Der 1908 in der Provinz Posen geborene und in Halle an der Saale aufgewachsene Maler der klassischen Moderne lebte damals in Pullach, wo er 1991 starb. Das ursprüngliche Gebäude der Orangerie im Ismaninger Schloss-Ensemble war 1983 abgerissen worden, und Bürgermeister Zeitler spürte, »dass da architektonisch etwas fehlte«, so Hesse. Kallmann soll von der Idee, den höfischen Wintergarten mit seinem Zugang zu dem weitläufigen Schlosspark für seine Portraits, Tier- und Landschaftsbilder wieder aufzubauen, begeistert gewesen sein. »Ich bin besoffen vor Glück«, habe er damals enthusiasistisch ausgerufen.

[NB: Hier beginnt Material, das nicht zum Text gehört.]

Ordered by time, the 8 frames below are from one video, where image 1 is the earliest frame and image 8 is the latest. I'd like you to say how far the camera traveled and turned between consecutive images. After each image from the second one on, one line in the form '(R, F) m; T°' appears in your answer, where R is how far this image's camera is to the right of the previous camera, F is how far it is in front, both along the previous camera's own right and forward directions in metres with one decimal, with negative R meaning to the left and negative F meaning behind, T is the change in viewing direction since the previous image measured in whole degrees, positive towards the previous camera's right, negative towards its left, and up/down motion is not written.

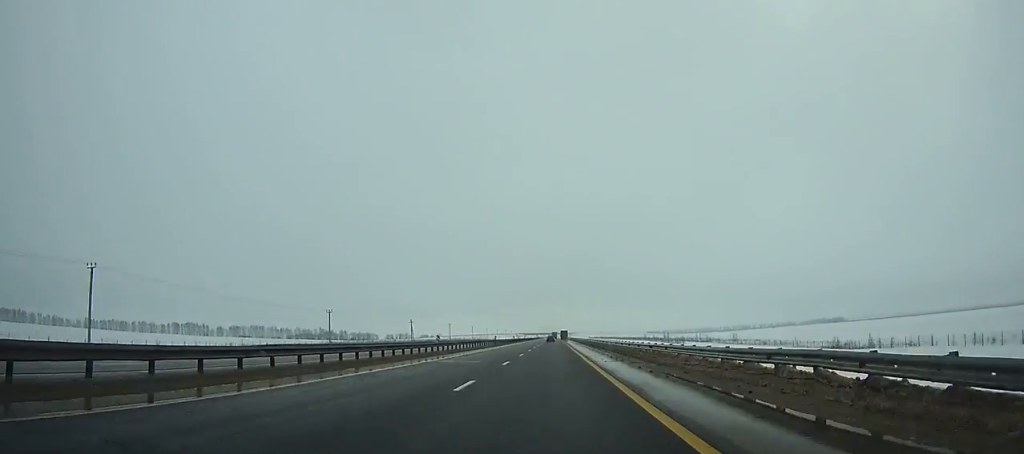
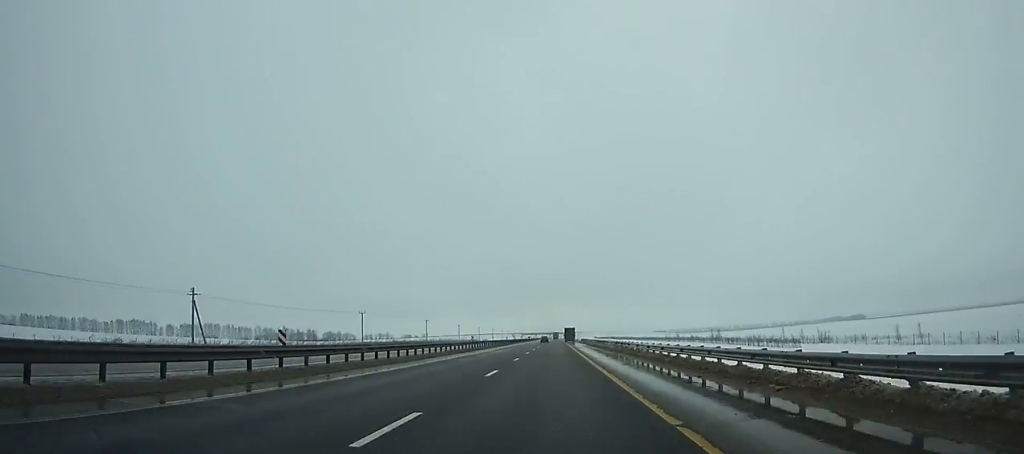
(-0.2, +104.0) m; 0°
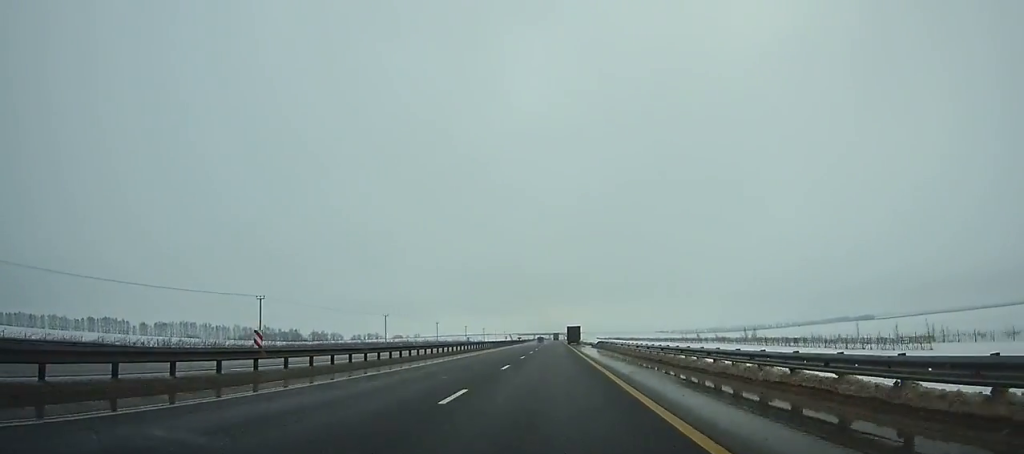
(-0.1, +43.9) m; 0°
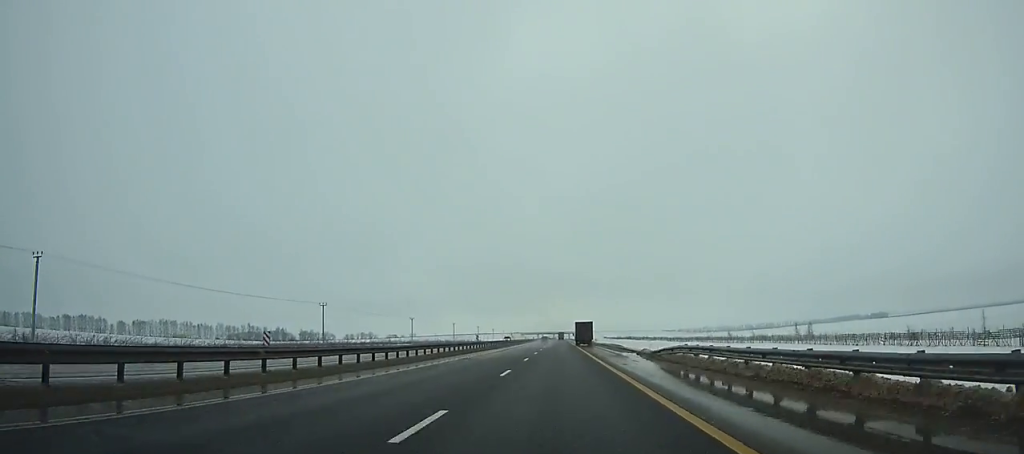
(-0.1, +41.1) m; 0°
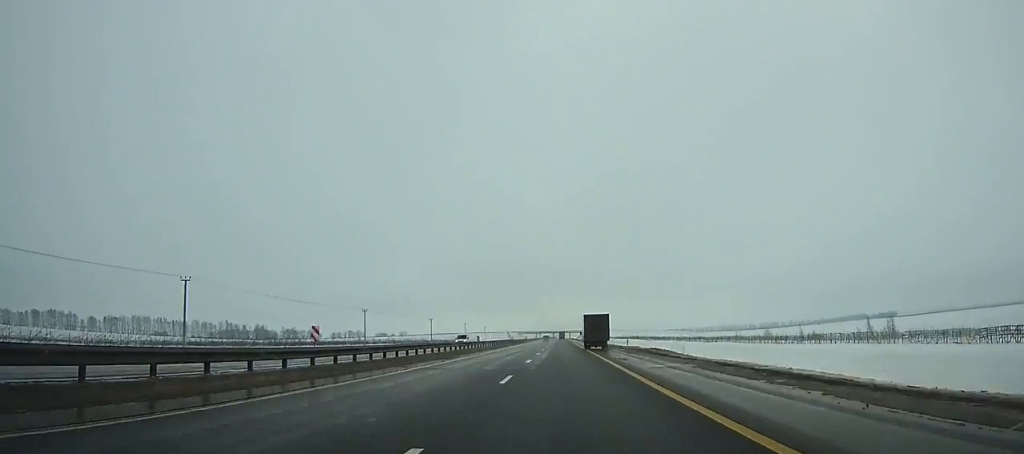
(0.0, +38.3) m; 0°
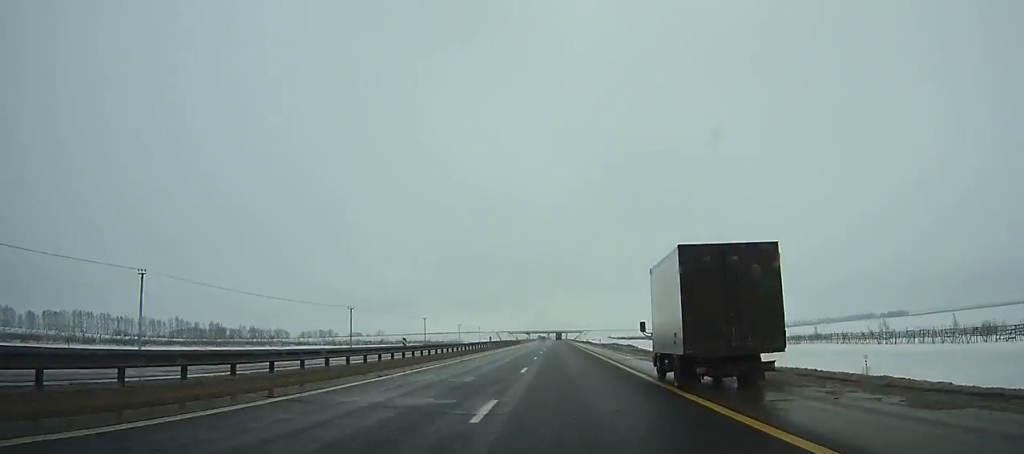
(0.0, +68.2) m; 0°
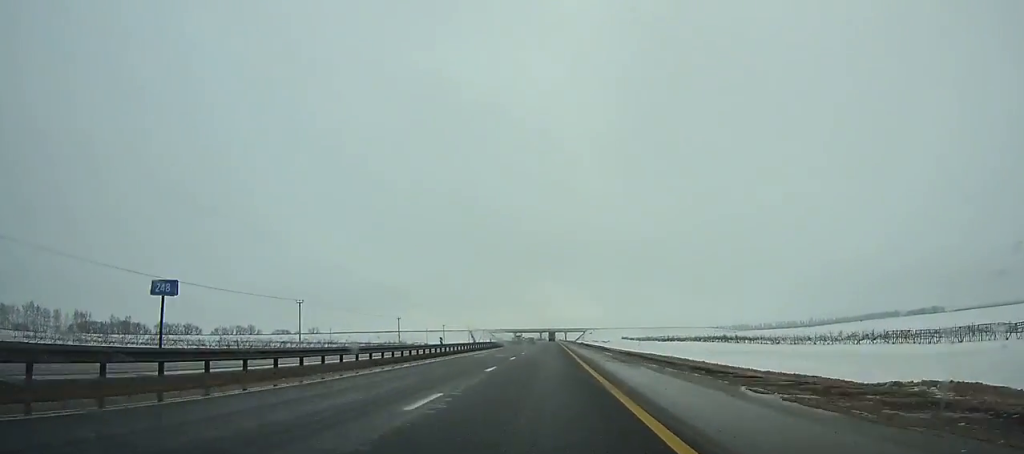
(+0.8, +143.1) m; 0°
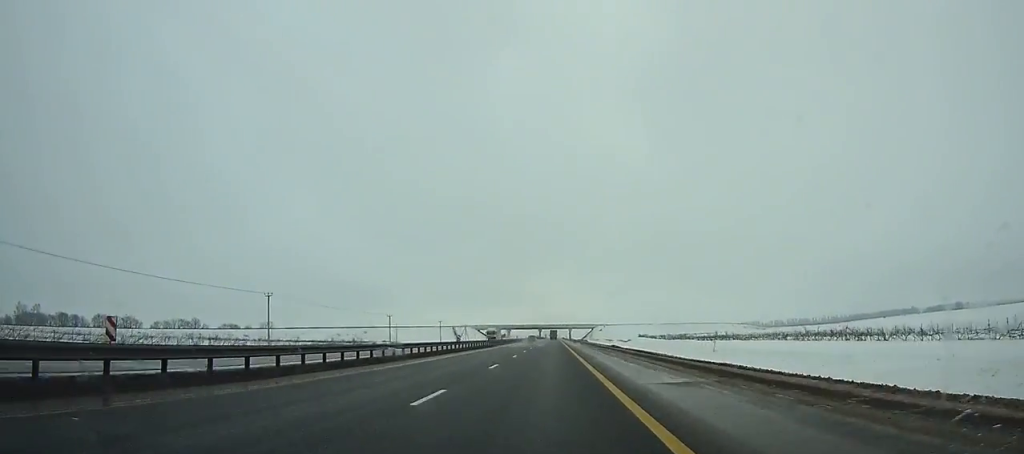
(-0.2, +71.9) m; 0°
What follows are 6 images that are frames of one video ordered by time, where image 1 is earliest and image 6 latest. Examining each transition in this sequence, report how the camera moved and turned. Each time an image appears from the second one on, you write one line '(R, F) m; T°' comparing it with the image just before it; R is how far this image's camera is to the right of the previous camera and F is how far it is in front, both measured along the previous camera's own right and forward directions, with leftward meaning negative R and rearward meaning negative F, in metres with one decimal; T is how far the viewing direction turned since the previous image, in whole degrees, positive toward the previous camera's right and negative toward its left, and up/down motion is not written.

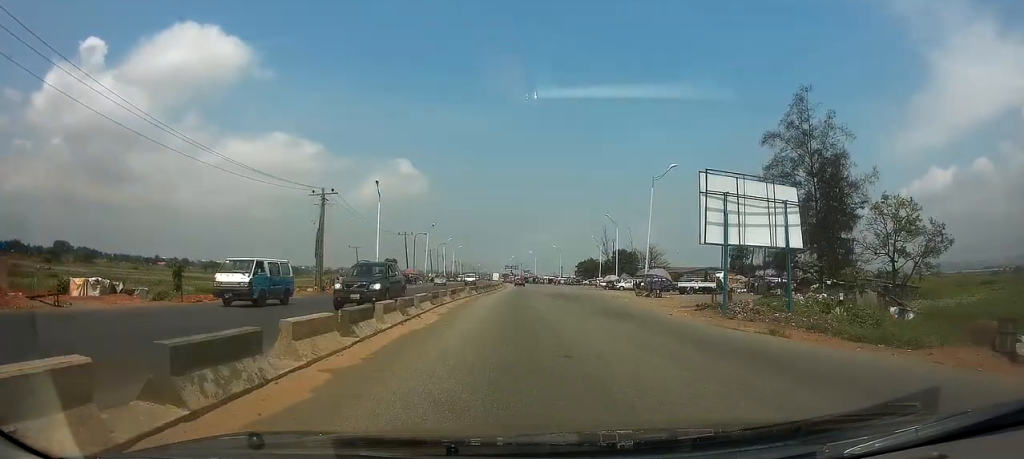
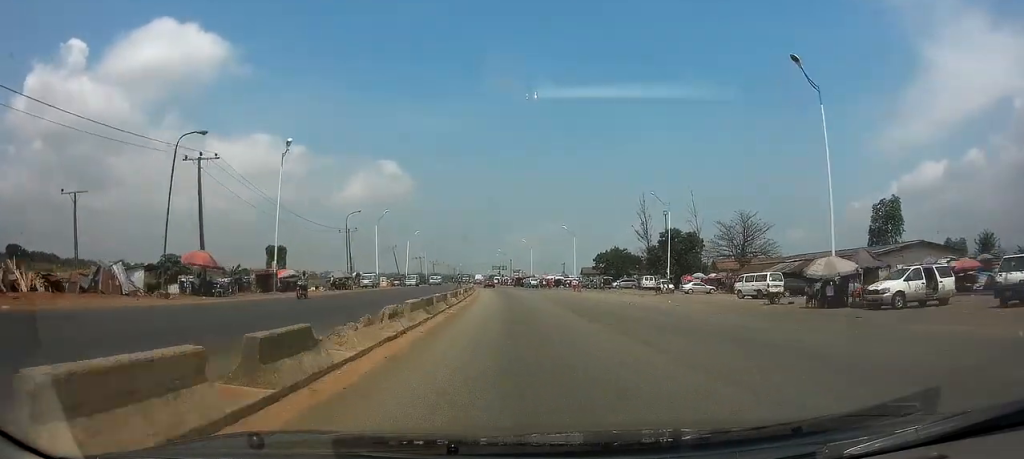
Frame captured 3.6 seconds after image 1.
(+1.2, +65.3) m; +1°
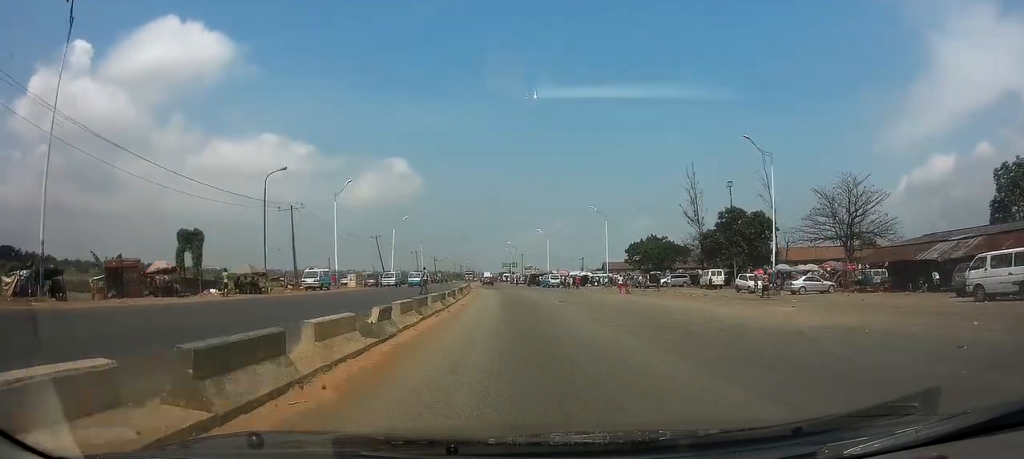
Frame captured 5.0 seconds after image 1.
(-0.2, +25.5) m; -1°
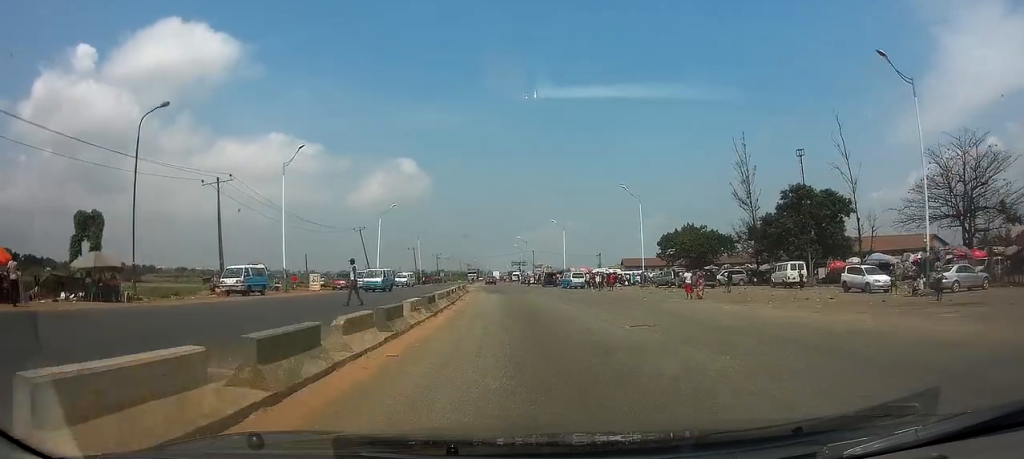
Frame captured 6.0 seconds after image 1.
(-0.1, +16.9) m; -1°
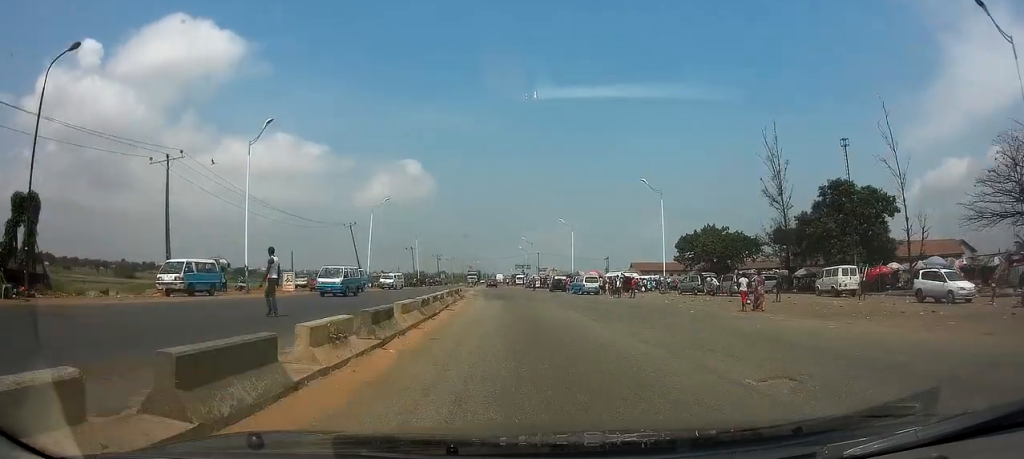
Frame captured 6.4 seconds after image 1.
(0.0, +7.7) m; 0°
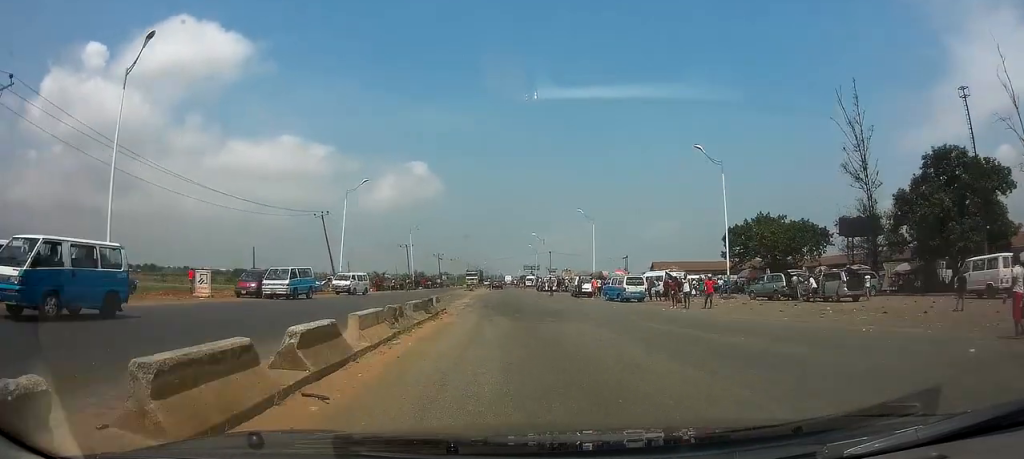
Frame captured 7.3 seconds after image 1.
(-0.1, +15.2) m; -1°

Im Juli 1992 wurde das Stiftungsmuseum eröffnet. Obwohl eine neue Ausstellung normalerweise zwei Jahre Vorlauf benötigt, hat Gisela Hesse heute noch keine konkreten Vorstellungen für eine große Jubiläumsschau im kommenden Jahr. Zunächst habe sie an das Naheliegende, eine Retrospektive, gedacht, die Idee aber vor wenigen Tagen wieder verworfen. »Ich bin mir nicht mehr im Klaren, ob ich das wirklich will.« Sicher ist nur: Im Mai, Juni und Juli 2012 wird es etwas Besonderes im Kallmann-Museum geben. Und in der Woche vor dem 15. Juli sind Events verschiedener Art wie Musik, Literatur und Performance geplant. Nur eines weiß die Museums-Chefin heute schon ganz genau: »Es wird bestimmt spannend, provozierend, erfreulich erschütternd, aber auf gar keinen Fall langweilig werden.« Claudia Schmohl

Die Ausstellung »Wüste« ist von 9. Oktober bis 4. Dezember zu sehen. Öffnungszeiten täglich außer Montag von 14.30 Uhr bis 17 Uhr.